In particular, Rio Tinto called for creation of “strong national environmental standards that establish shared goals for nature, provide clear assessment criteria and underpin accreditation of related regulatory processes”.

It said the laws need to establish “strengthened and independent compliance and enforcement powers, with appropriate governance and guardrails for their use”.

In an apparent effort to bridge the gap with the Greens and environmentalists demanding the legislation include explicit mechanisms to block high emitting projects, Rio said it “acknowledges the interdependencies between nature and climate”.

However, it warned that the legislation is ultimately about spurring investment in minerals projects that are critical to decarbonisation technology.

“Policy settings on climate must balance the need for permitting efficiency that is essential for projects including those that decarbonise our operations or provide the metals and materials required for the energy transition, and support local communities and jobs in regions where we operate,” the company said.

Rio said it would work with the government on how to support the federal government’s next national target on emissions reduction.

Conservation group welcomes intervention

The mining company’s intervention was welcomed by the Australian Climate and Biodiversity Foundation (ACBF), an advocacy group chaired by former Treasury secretary Ken Henry.

“There is deep support for reform of Australia’s environment laws from some of Australia’s largest companies that are the biggest users of the environmental assessment and approval provisions of the existing national environment laws and there is genuine support for the creation of strong new national environmental standards,” ACBF executive director Lyndon Schneiders said.

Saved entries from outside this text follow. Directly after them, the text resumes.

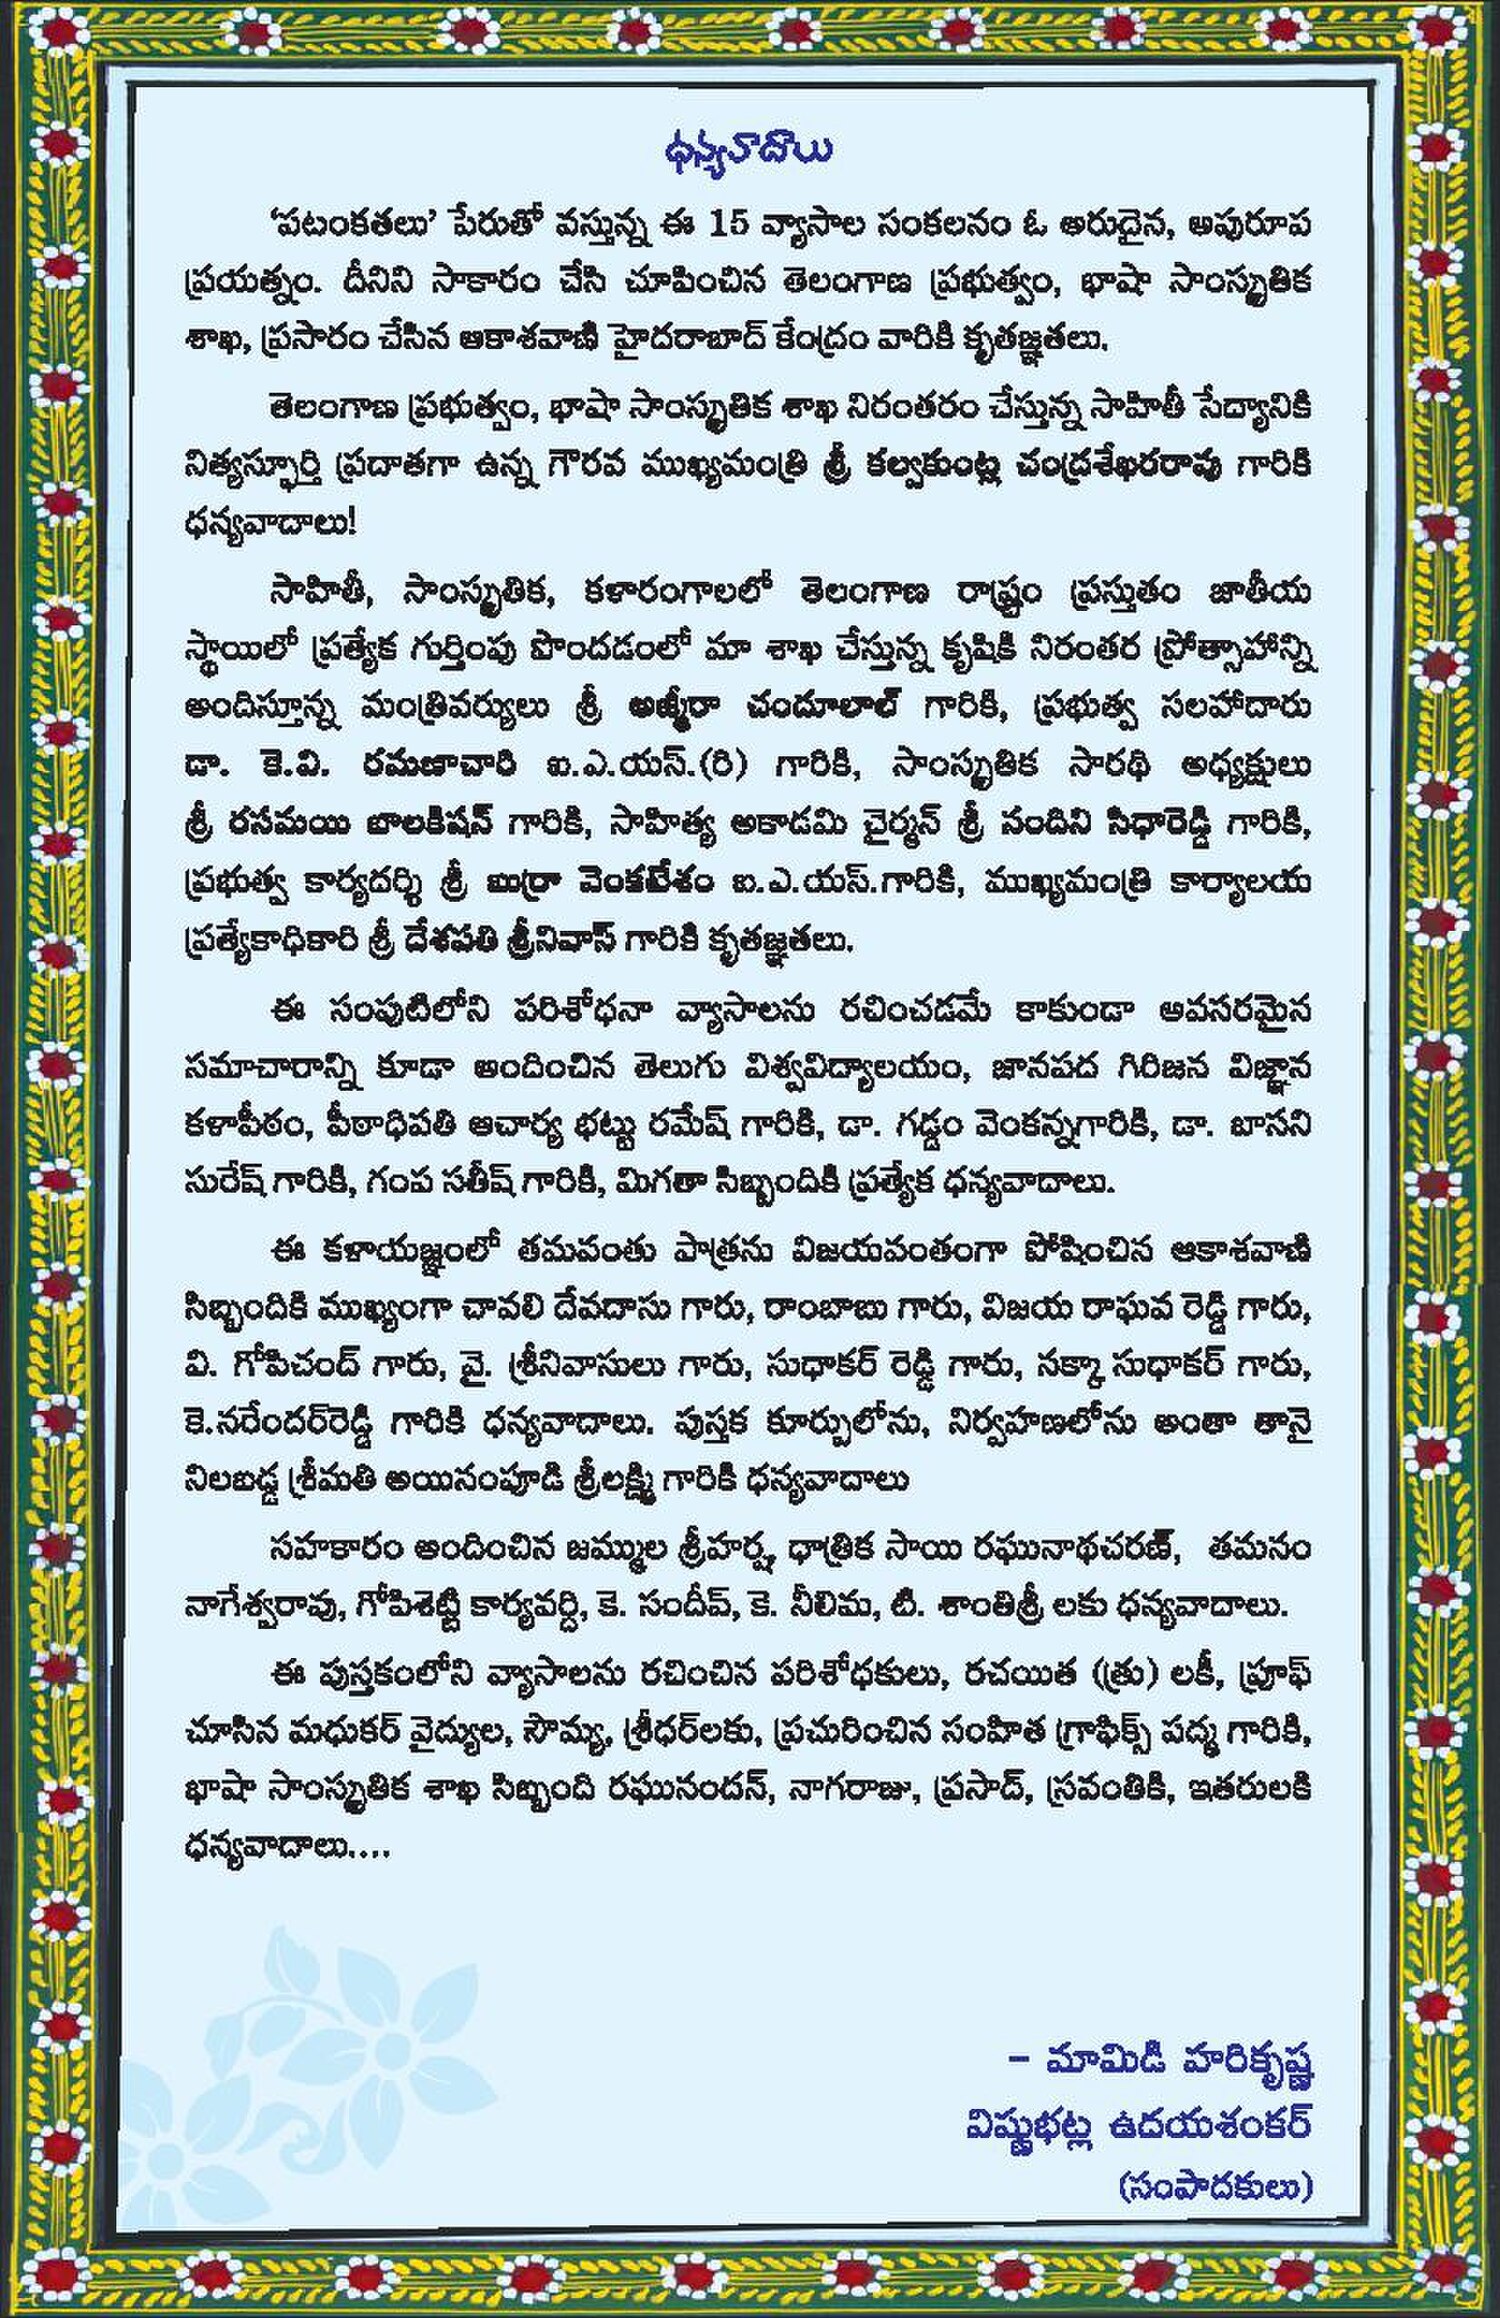'పటంకతలు' పేరుతో వస్తున్న ఈ 15 వ్యాసాల సంకలనం ఓ అరుదైన, అపురూప ప్రయత్నం. దీనిని సాకారం చేసి చూపించిన తెలంగాణ ప్రభుత్వం, భాషా సాంస్కృతిక శాఖ, ప్రసారం చేసిన ఆకాశవాణి హైదరాబాద్ కేంద్రం వారికి కృతజ్ఞతలు.

తెలంగాణ ప్రభుత్వం, భాషా సాంస్కృతిక శాఖ నిరంతరం చేస్తున్న సాహితీ సేద్యానికి నిత్యస్ఫూర్తి ప్రదాతగా ఉన్న గౌరవ ముఖ్యమంత్రి శ్రీ కల్వకుంట్ల చంద్రశేఖరరావు గారికి ధన్యవాదాలు!

సాహితీ, సాంస్కృతిక, కళారంగాలలో తెలంగాణ రాష్ట్రం ప్రస్తుతం జాతీయ స్థాయిలో ప్రత్యేక గుర్తింపు పొందడంలో మా శాఖ చేస్తున్న కృషికి నిరంతర ప్రోత్సాహాన్ని అందిస్తూన్న మంత్రివర్యులు శ్రీ అజ్మీరా చందూలాల్ గారికి, ప్రభుత్వ సలహాదారు డా. కె.వి. రమణాచారి ఐ.ఎ.యస్.(రి) గారికి, సాంస్కృతిక సారథి అధ్యక్షులు శ్రీ రసమయి బాలకిషన్ గారికి, సాహిత్య అకాడమి చైర్మన్ శ్రీ నందిని సిధారెడ్డి గారికి, ప్రభుత్వ కార్యదర్శి శ్రీ బుర్రా వెంకటేశం ఐ.ఎ.యస్. గారికి, ముఖ్యమంత్రి కార్యాలయ ప్రత్యేకాధికారి శ్రీ దేశపతి శ్రీనివాస్ గారికి కృతజ్ఞతలు.

ఈ సంపుటిలోని పరిశోధనా వ్యాసాలను రచించడమే కాకుండా అవసరమైన సమాచారాన్ని కూడా అందించిన తెలుగు విశ్వవిద్యాలయం, జానపద గిరిజన విజ్ఞాన కళాపీఠం, పీఠాధిపతి ఆచార్య భట్టు రమేష్ గారికి, డా. గడ్డం వెంకన్నగారికి, డా. బాసని సురేష్ గారికి, గంప సతీష్ గారికి, మిగతా సిబ్బందికి ప్రత్యేక ధన్యవాదాలు.

ఈ కళాయజ్ఞంలో తమవంతు పాత్రను విజయవంతంగా పోషించిన ఆకాశవాణి సిబ్బందికి ముఖ్యంగా చావలి దేవదాసు గారు, రాంబాబు గారు, విజయ రాఘవ రెడ్డి గారు, వి. గోపిచంద్ గారు, వై. శ్రీనివాసులు గారు, సుధాకర్ రెడ్డి గారు, నక్కా సుధాకర్ గారు, కె.నరేందర్రెడ్డి గారికి ధన్యవాదాలు. పుస్తక కూర్పులోను, నిర్వహణలోను అంతా తానై
నిలబడ్డ శ్రీమతి అయినంపూడి శ్రీలక్ష్మి గారికి ధన్యవాదాలు

సహకారం అందించిన జమ్ముల శ్రీహర్ష, ధాత్రిక సాయి రఘునాథచరణ్, తమనం నాగేశ్వరావు, గోపిశెట్టి కార్యవర్ధి, కె. సందీప్, కె. నీలిమ, టి. శాంతిశ్రీ లకు ధన్యవాదాలు. ఈ పుస్తకంలోని వ్యాసాలను రచించిన పరిశోధకులు, రచయిత (త్రు) లకీ, ప్రూఫ్ చూసిన మధుకర్ వైద్యుల, సౌమ్య, శ్రీధర్ కు, ప్రచురించిన సంహిత గ్రాఫిక్స్ పద్మ గారికి, భాషా సాంస్కృతిక శాఖ సిబ్బంది రఘునందన్, నాగరాజు, ప్రసాద్, స్రవంతికి, ఇతరులకి ధన్యవాదాలు....

“Environmental standards were the centrepiece of the wide-ranging reforms recommended by Professor Graeme Samuel in his independent review of the laws in 2019.

“The opportunity exists for political parties to work together to strengthen and pass the Nature Positive bills presently before the Australian Senate, including providing a legislative basis for the making of National Environment Standards that can be good for the environment and good for the economy,” Mr Schneiders said.

Last week, Ai Group chief executive said the nature laws are desperately needed to make it easier to build infrastructure, energy projects, industrial sites and mines that “will enable a prosperous and clean economy”.

“The status quo is slowing down major projects just when we are racing against time to bolster our electricity supply before old coal generators retire and to stake our claim in growing markets for critical minerals,” he said.

“Policy makers should not let the opportunity to improve this situation slip away.

“Throwing money at the current approvals process, as the last Federal Budget did, will help the wheels turn a bit faster. But the long term benefits would be much larger if we also fix the underlying duplication and provide more ways to say ‘yes’ to the projects we need.”